Definition
The altitude at which a specified indicated airspeed (in knots) and a specified Mach number represent the same true airspeed. Below this altitude, the airspeed limit governs; above it, the Mach limit governs.
Plain English
The height at which a pilot stops controlling speed by knots and starts controlling it by Mach number. Below it, you watch the airspeed indicator. Above it, you watch the Mach indicator.
Context Anchor
Seen in high-altitude climb and descent planning, especially in turbine and jet aircraft speed schedules.
Derivation
From 'cross over,' meaning to switch from one thing to another. At this altitude, the pilot crosses over from using indicated airspeed as the limiting reference to using Mach number.
Why Pilots Care
Maintaining the correct speed schedule across this altitude protects performance, fuel efficiency, and handling margins.
Intuition Check
Crossover altitude is not an altitude where flight paths cross.

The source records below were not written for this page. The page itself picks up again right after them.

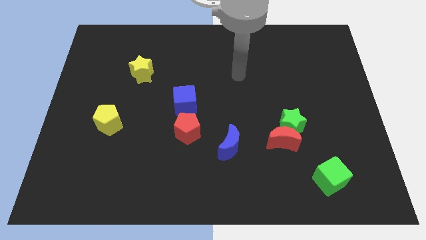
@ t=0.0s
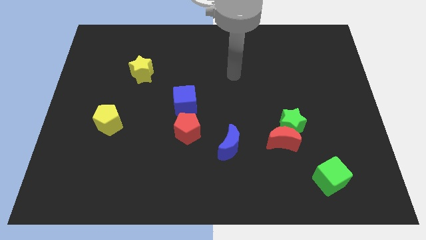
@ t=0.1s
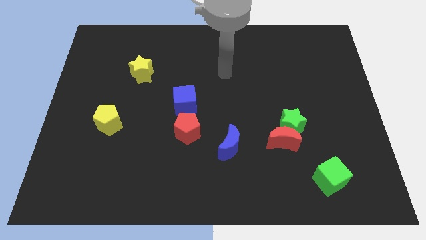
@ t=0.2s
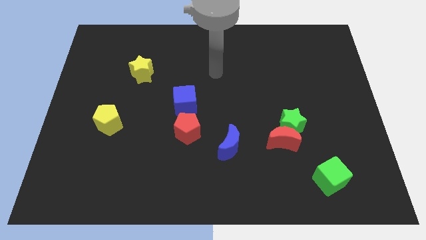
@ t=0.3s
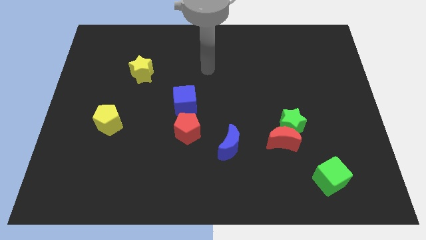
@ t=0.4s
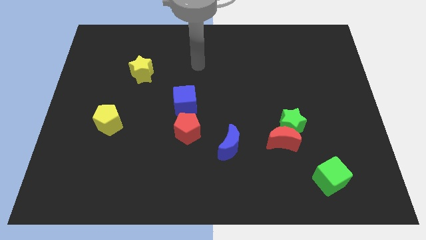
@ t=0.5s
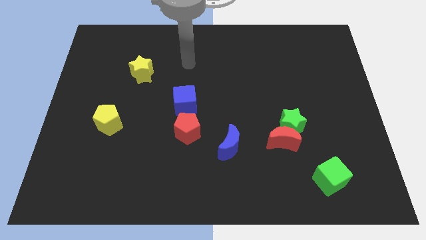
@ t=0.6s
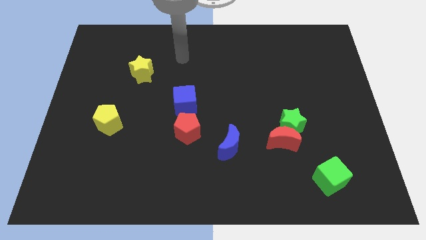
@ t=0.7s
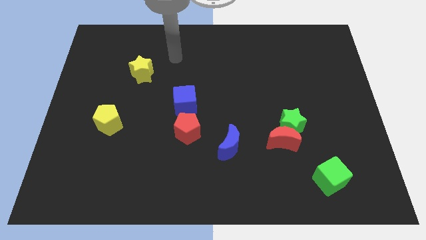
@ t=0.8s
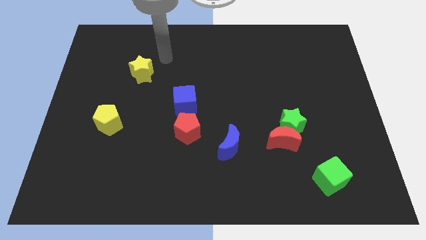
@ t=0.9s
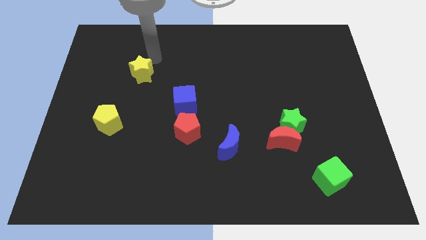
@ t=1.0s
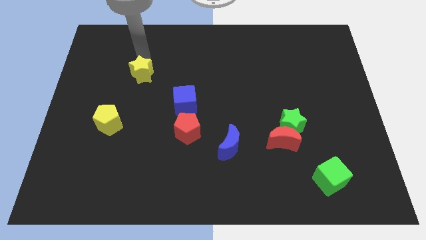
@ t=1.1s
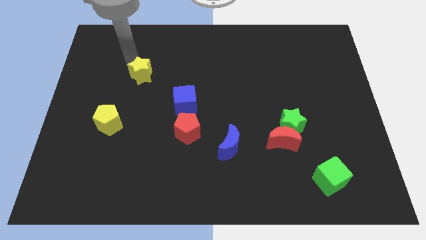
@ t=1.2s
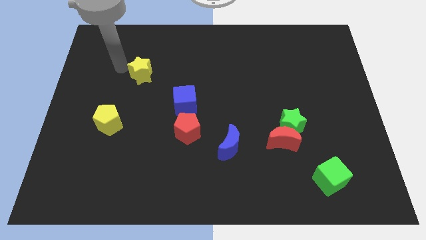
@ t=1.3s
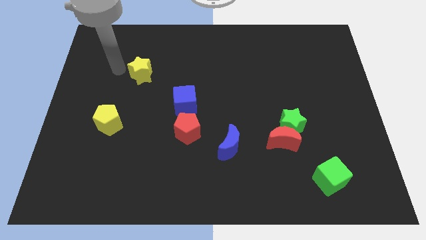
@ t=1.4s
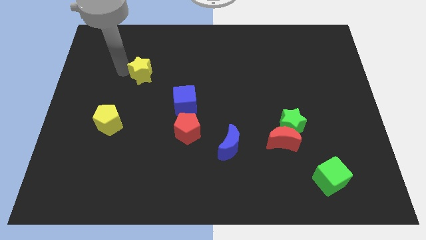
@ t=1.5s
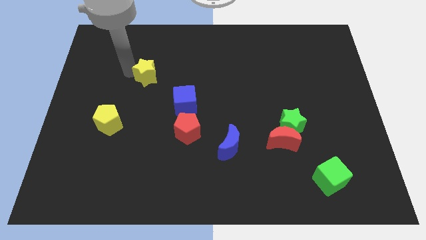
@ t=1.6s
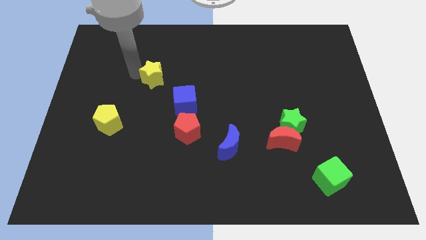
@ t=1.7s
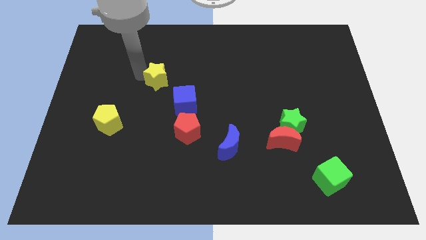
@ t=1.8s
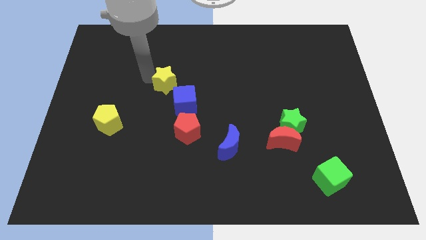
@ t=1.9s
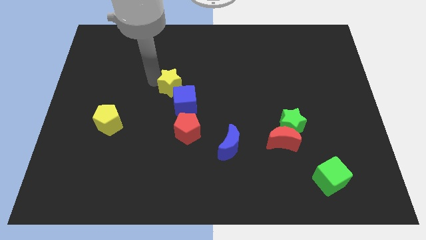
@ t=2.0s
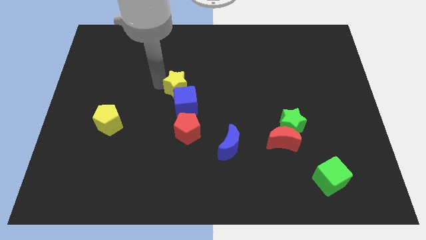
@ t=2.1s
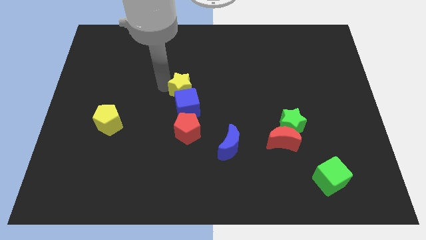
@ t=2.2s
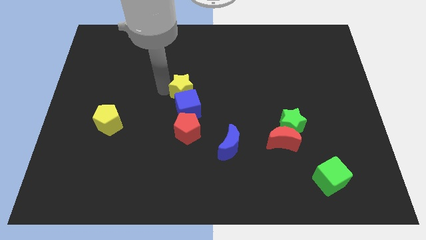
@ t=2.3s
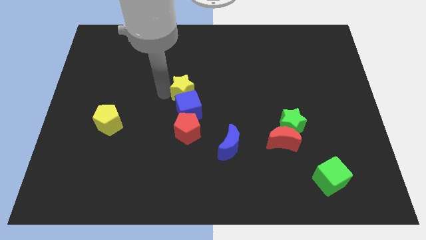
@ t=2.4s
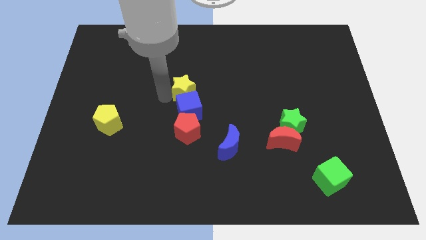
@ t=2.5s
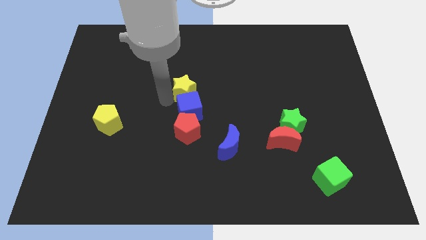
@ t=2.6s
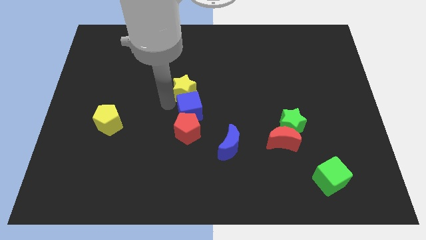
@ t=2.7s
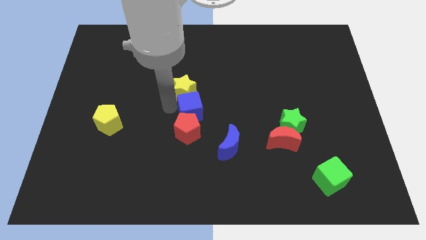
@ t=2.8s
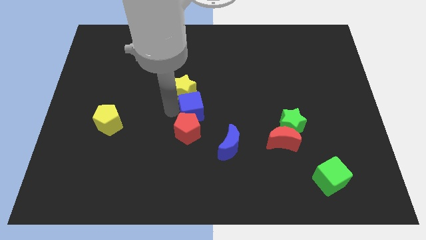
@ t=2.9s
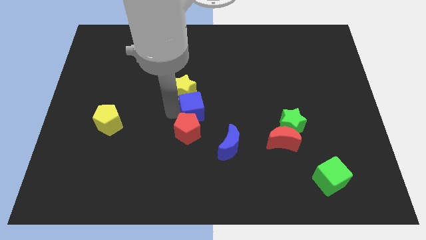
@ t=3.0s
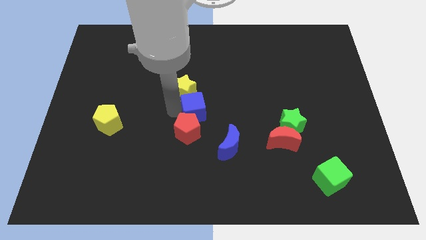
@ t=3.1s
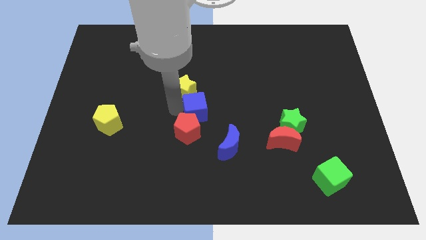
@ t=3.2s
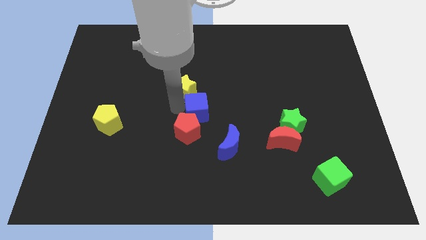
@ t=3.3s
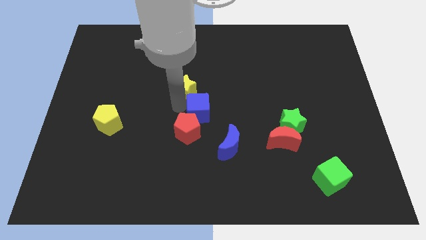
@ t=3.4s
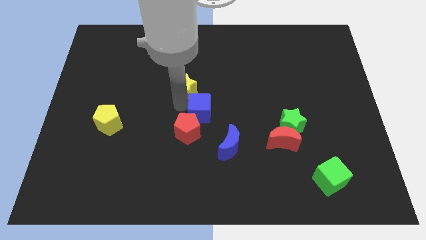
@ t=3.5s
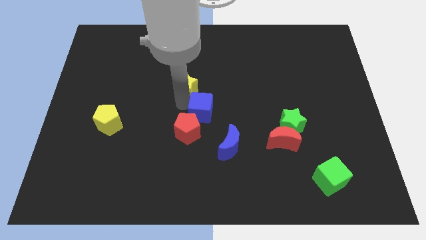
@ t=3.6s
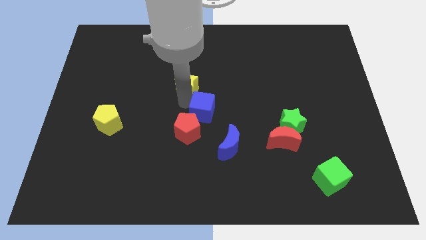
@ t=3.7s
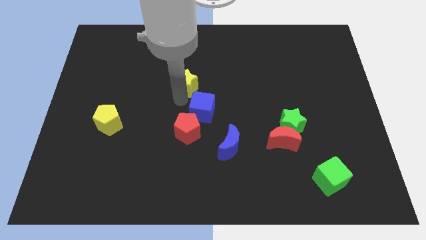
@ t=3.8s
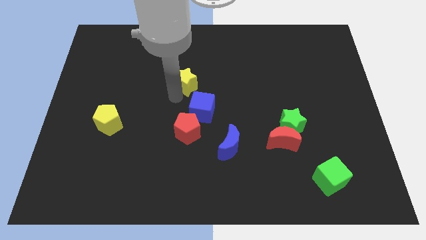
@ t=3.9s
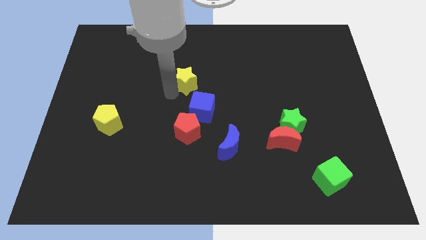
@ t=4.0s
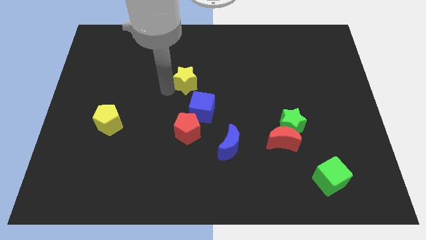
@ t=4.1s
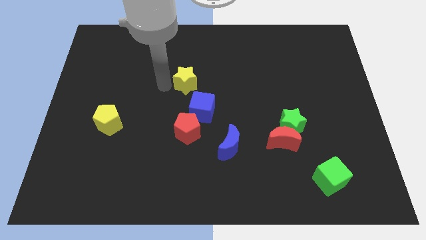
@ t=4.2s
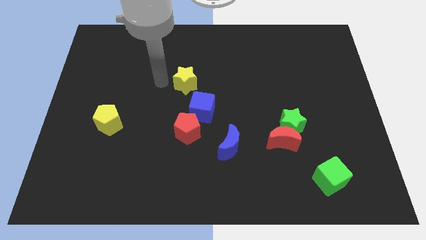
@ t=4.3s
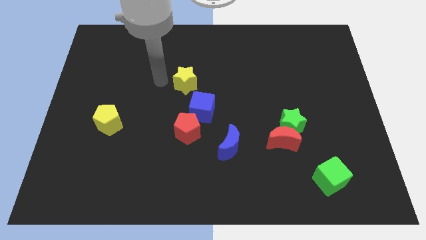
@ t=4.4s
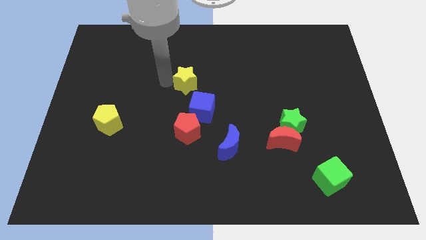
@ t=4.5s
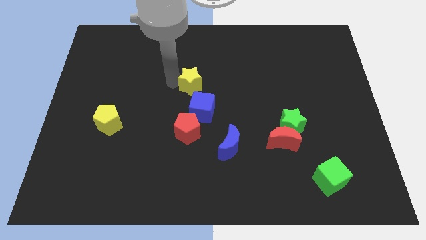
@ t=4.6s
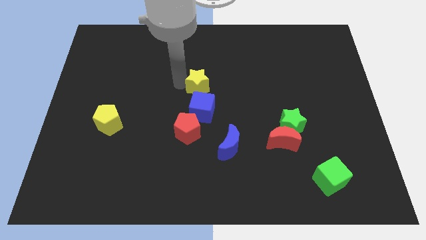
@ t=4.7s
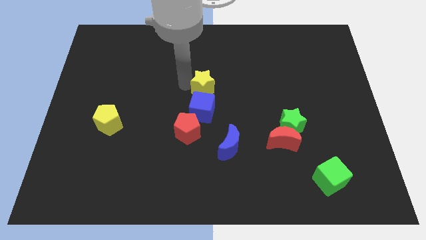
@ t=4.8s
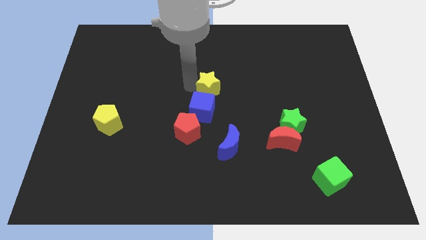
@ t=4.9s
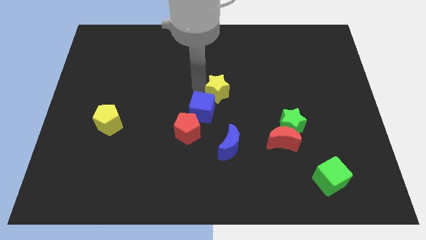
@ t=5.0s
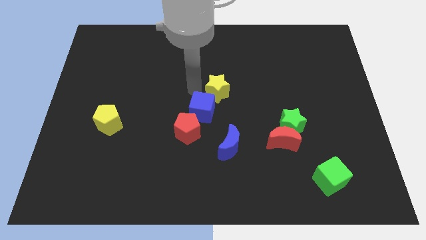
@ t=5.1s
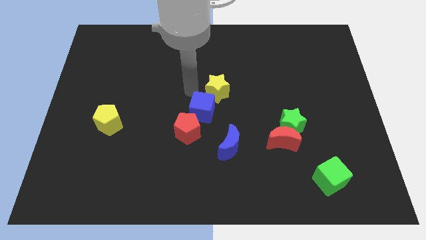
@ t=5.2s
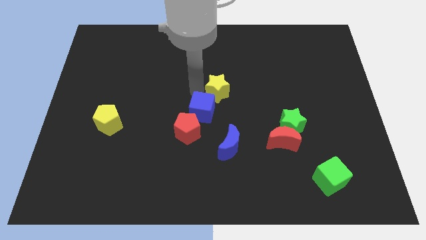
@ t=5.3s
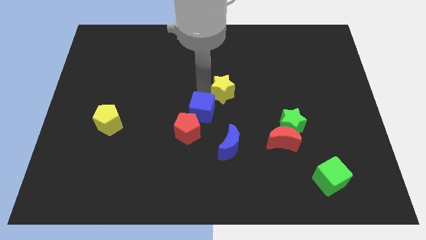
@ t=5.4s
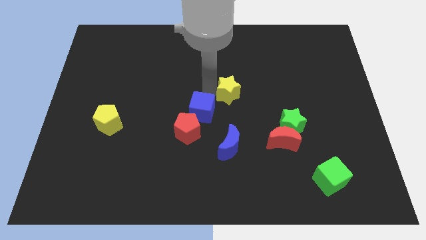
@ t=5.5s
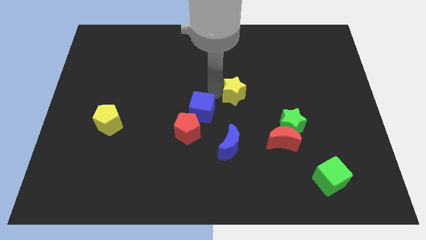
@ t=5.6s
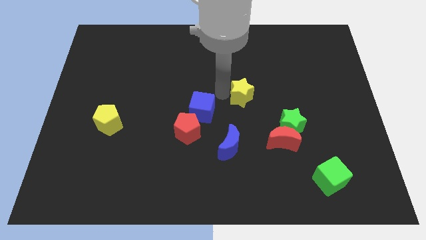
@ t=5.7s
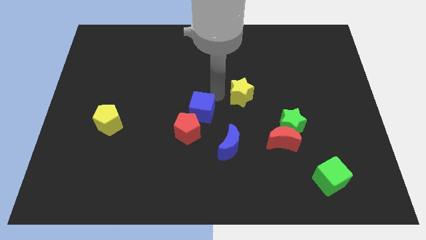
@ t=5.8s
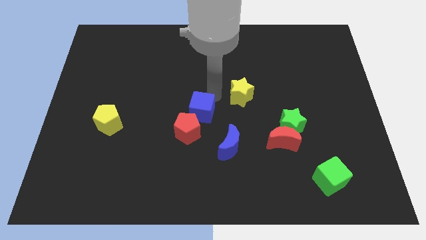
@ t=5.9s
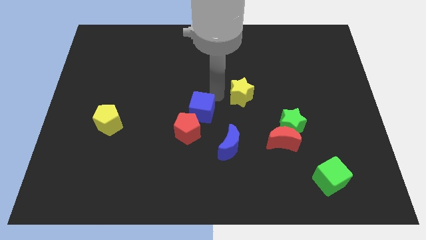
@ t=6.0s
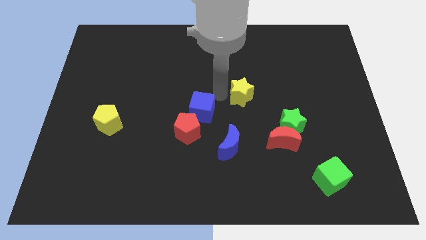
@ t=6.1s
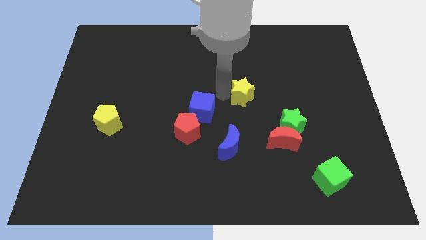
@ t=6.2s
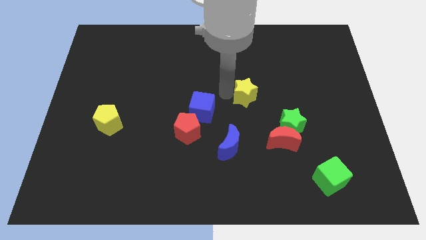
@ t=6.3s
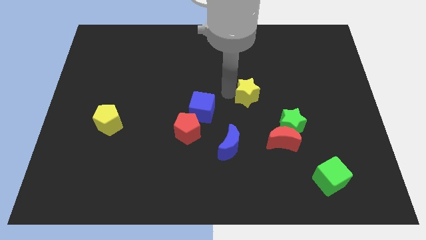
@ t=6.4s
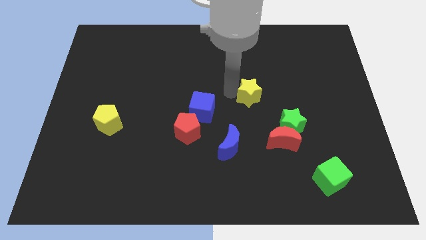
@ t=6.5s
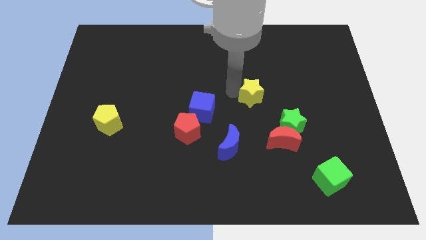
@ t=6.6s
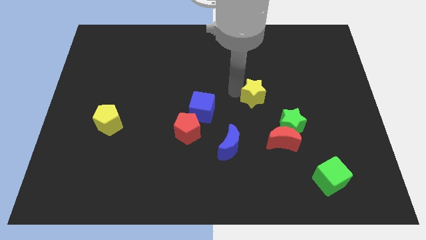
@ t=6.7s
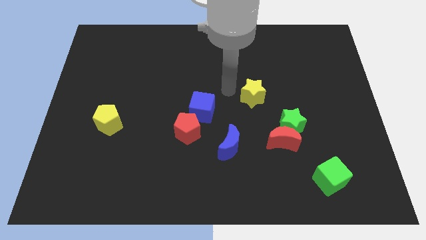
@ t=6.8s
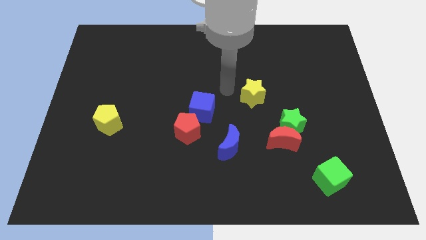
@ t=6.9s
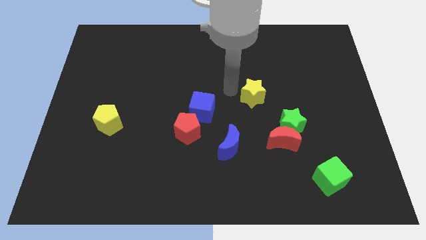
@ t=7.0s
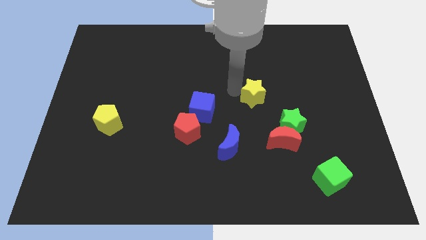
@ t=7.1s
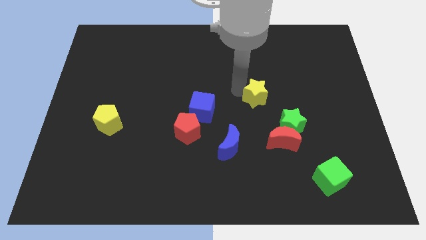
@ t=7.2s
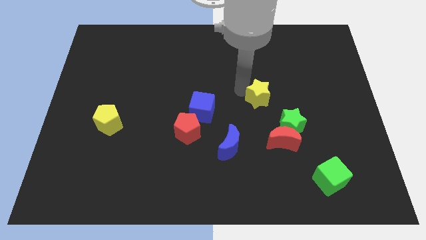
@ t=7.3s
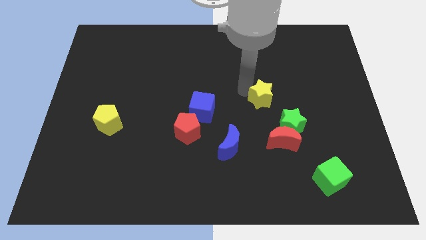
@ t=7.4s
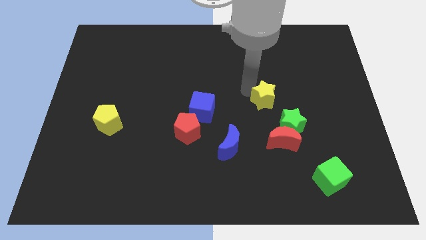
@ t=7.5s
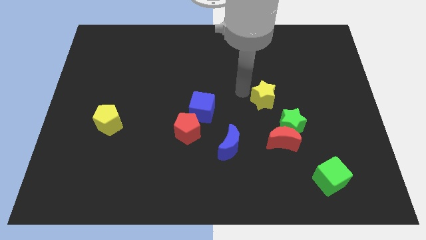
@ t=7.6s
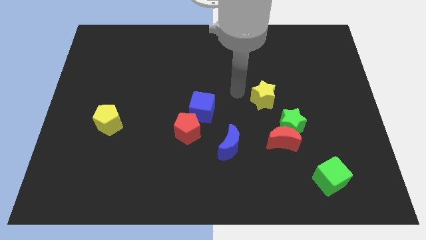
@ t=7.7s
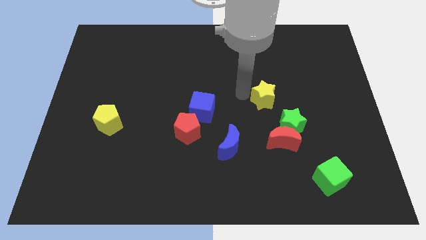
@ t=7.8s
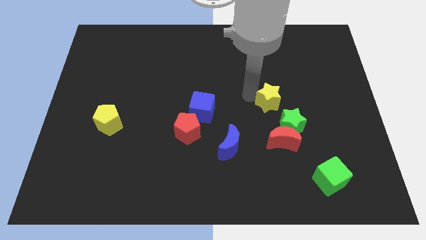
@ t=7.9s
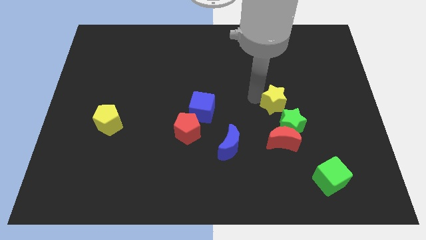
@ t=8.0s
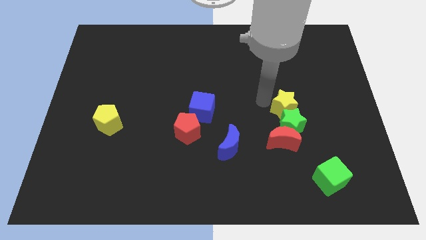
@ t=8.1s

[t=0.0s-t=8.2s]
slide the yellow star to the top right of the green star

It is the altitude where two speed references match and the speed schedule changes from one reference to the other.
Example Sentence 1
Climbing through the crossover altitude, the pilot transitioned from holding 280 knots to holding Mach 0.74.
Example Sentence 2
On descent the pilot held Mach 0.78 until passing through crossover altitude, then shifted to a constant 280-knot indicated airspeed.